## What to work on
The data below should be printed in full, exactly, and without any of its images.

## Data supplied
····················
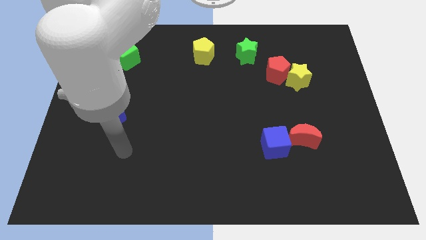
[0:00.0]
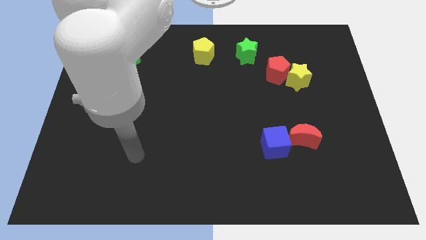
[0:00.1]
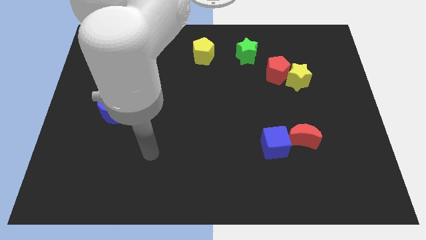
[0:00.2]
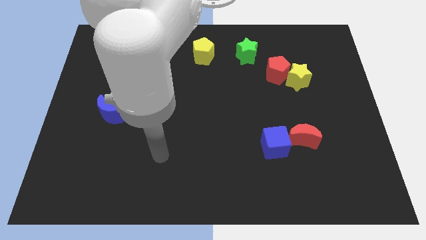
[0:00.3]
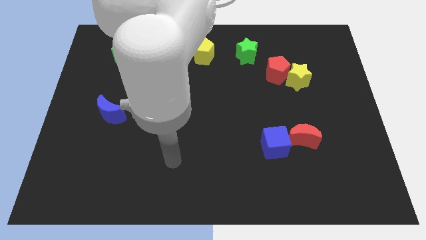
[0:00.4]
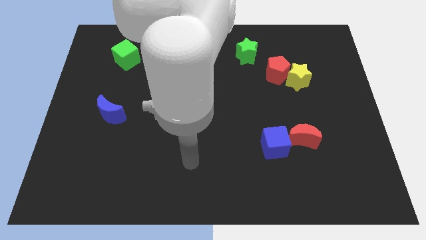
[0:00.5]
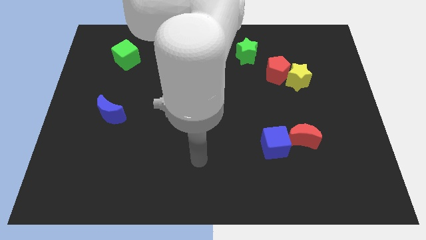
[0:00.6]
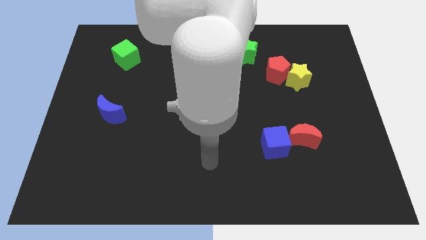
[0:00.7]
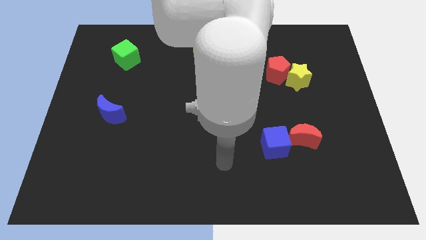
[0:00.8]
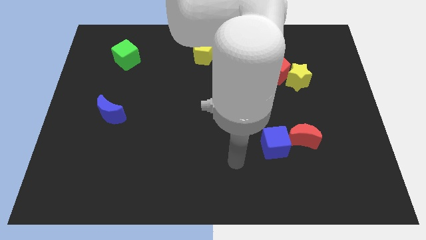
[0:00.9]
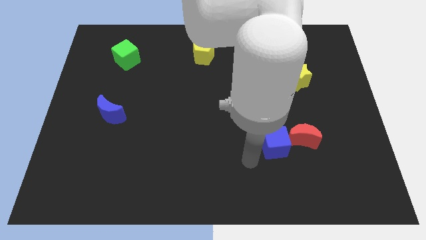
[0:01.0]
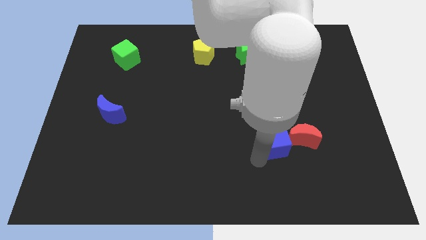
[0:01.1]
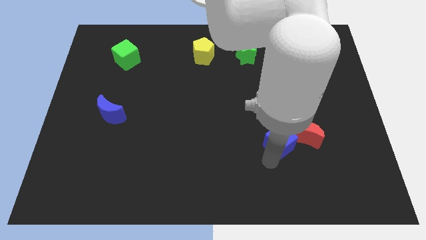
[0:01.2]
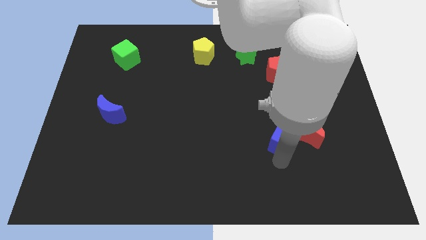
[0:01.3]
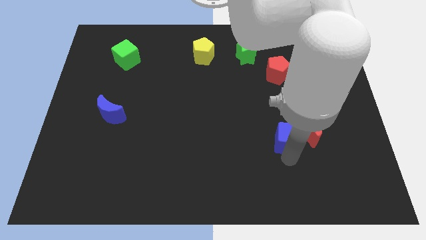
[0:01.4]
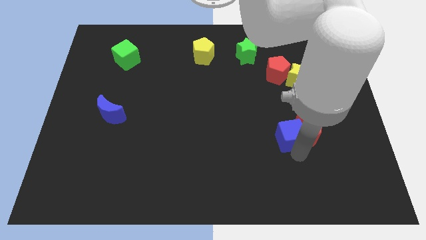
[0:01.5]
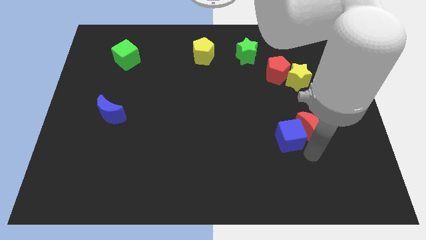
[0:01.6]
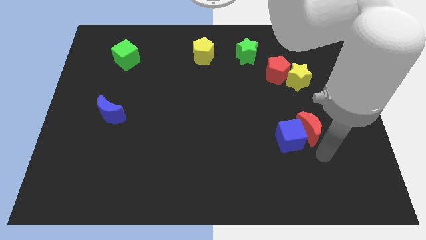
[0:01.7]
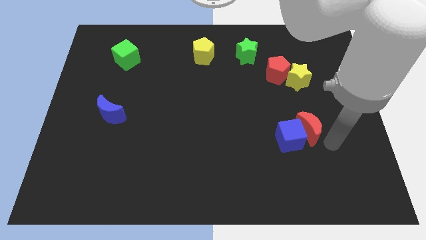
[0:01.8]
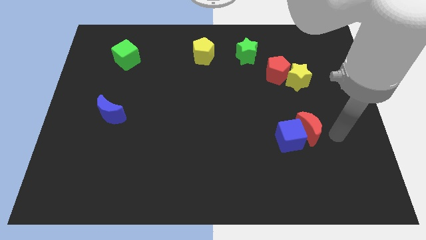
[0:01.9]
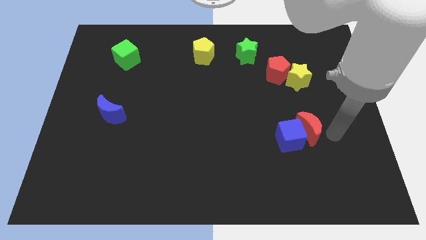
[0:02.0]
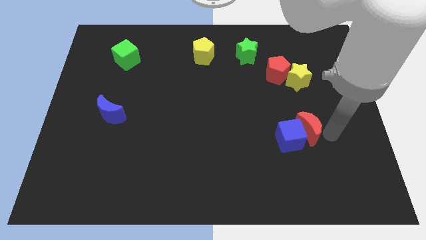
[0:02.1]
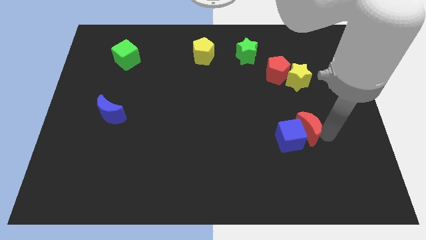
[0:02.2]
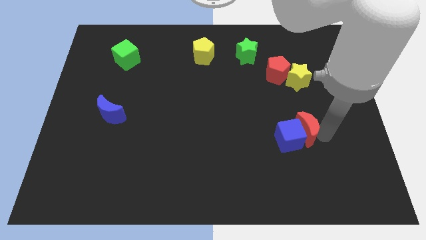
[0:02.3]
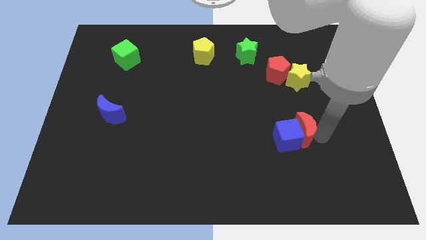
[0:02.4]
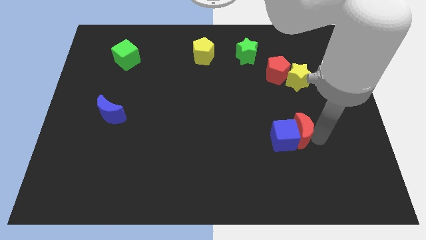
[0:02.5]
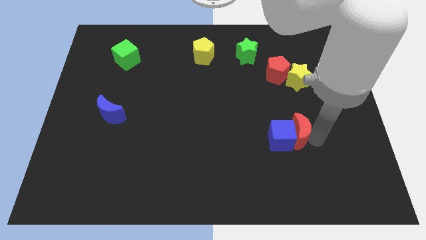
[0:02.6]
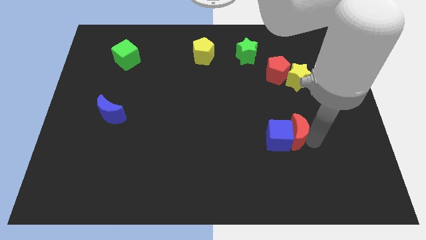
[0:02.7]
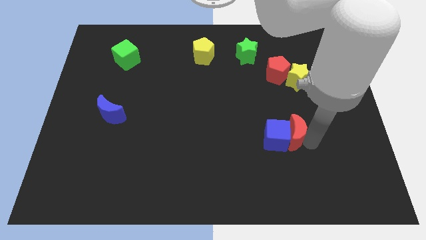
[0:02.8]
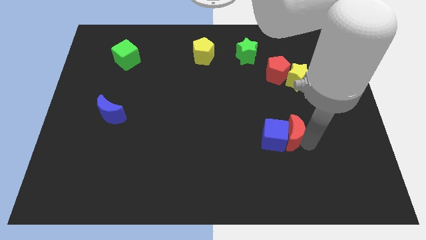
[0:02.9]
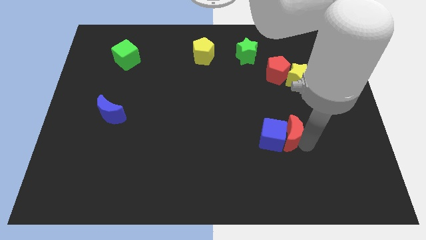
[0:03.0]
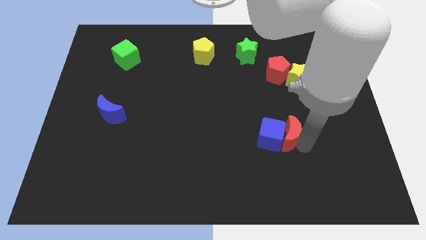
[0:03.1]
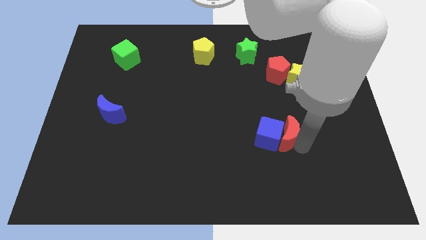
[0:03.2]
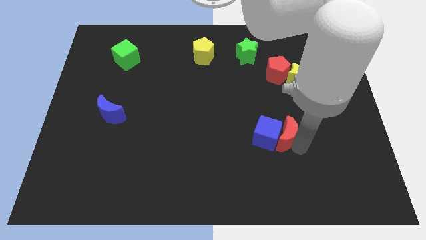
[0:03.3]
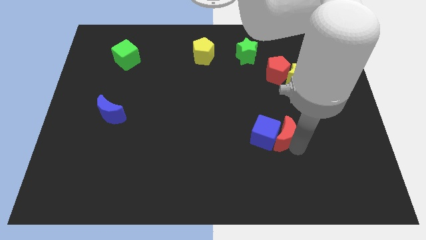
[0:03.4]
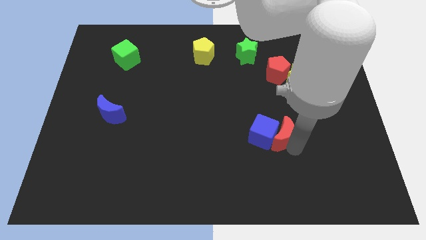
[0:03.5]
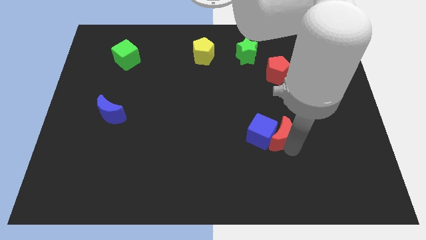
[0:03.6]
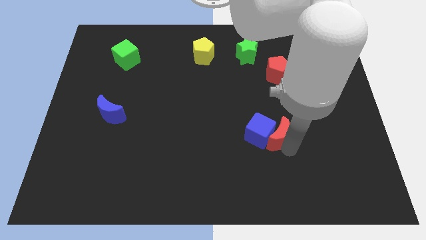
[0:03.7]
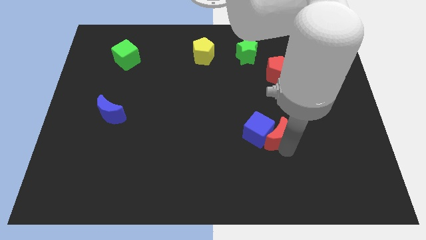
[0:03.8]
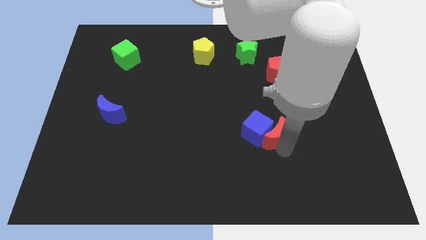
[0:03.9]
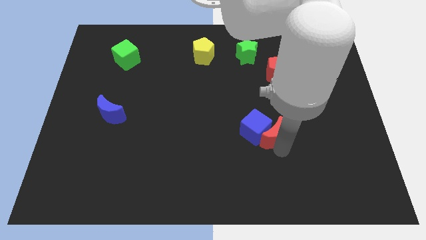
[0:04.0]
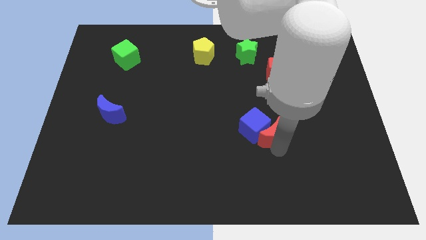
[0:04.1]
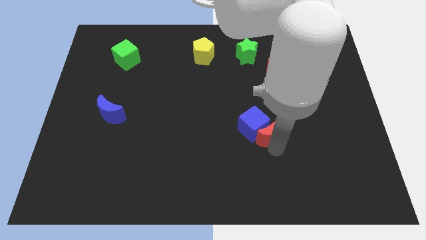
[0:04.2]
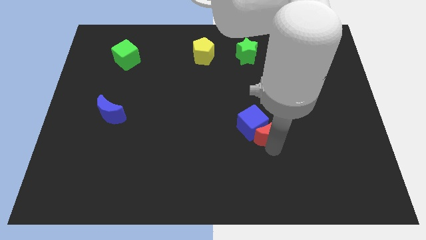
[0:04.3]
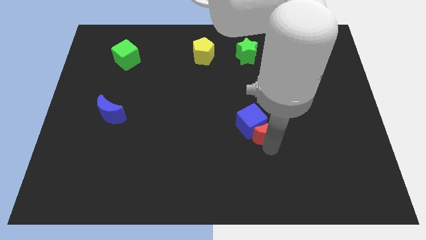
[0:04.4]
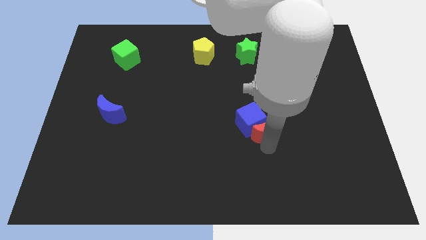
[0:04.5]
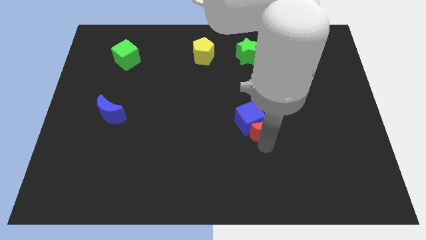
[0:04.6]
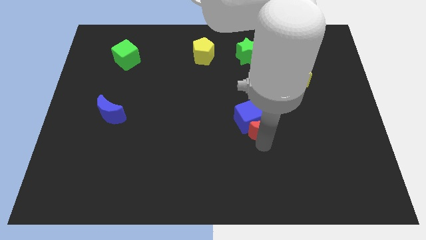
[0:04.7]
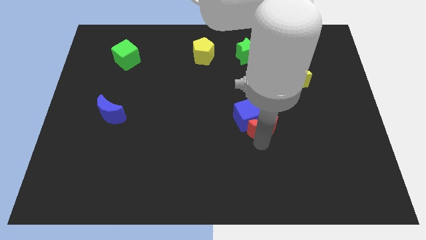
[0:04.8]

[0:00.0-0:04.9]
····················
## Written solution
[0:00.0]
[0:00.1]
[0:00.2]
[0:00.3]
[0:00.4]
[0:00.5]
[0:00.6]
[0:00.7]
[0:00.8]
[0:00.9]
[0:01.0]
[0:01.1]
[0:01.2]
[0:01.3]
[0:01.4]
[0:01.5]
[0:01.6]
[0:01.7]
[0:01.8]
[0:01.9]
[0:02.0]
[0:02.1]
[0:02.2]
[0:02.3]
[0:02.4]
[0:02.5]
[0:02.6]
[0:02.7]
[0:02.8]
[0:02.9]
[0:03.0]
[0:03.1]
[0:03.2]
[0:03.3]
[0:03.4]
[0:03.5]
[0:03.6]
[0:03.7]
[0:03.8]
[0:03.9]
[0:04.0]
[0:04.1]
[0:04.2]
[0:04.3]
[0:04.4]
[0:04.5]
[0:04.6]
[0:04.7]
[0:04.8]

[0:00.0-0:04.9]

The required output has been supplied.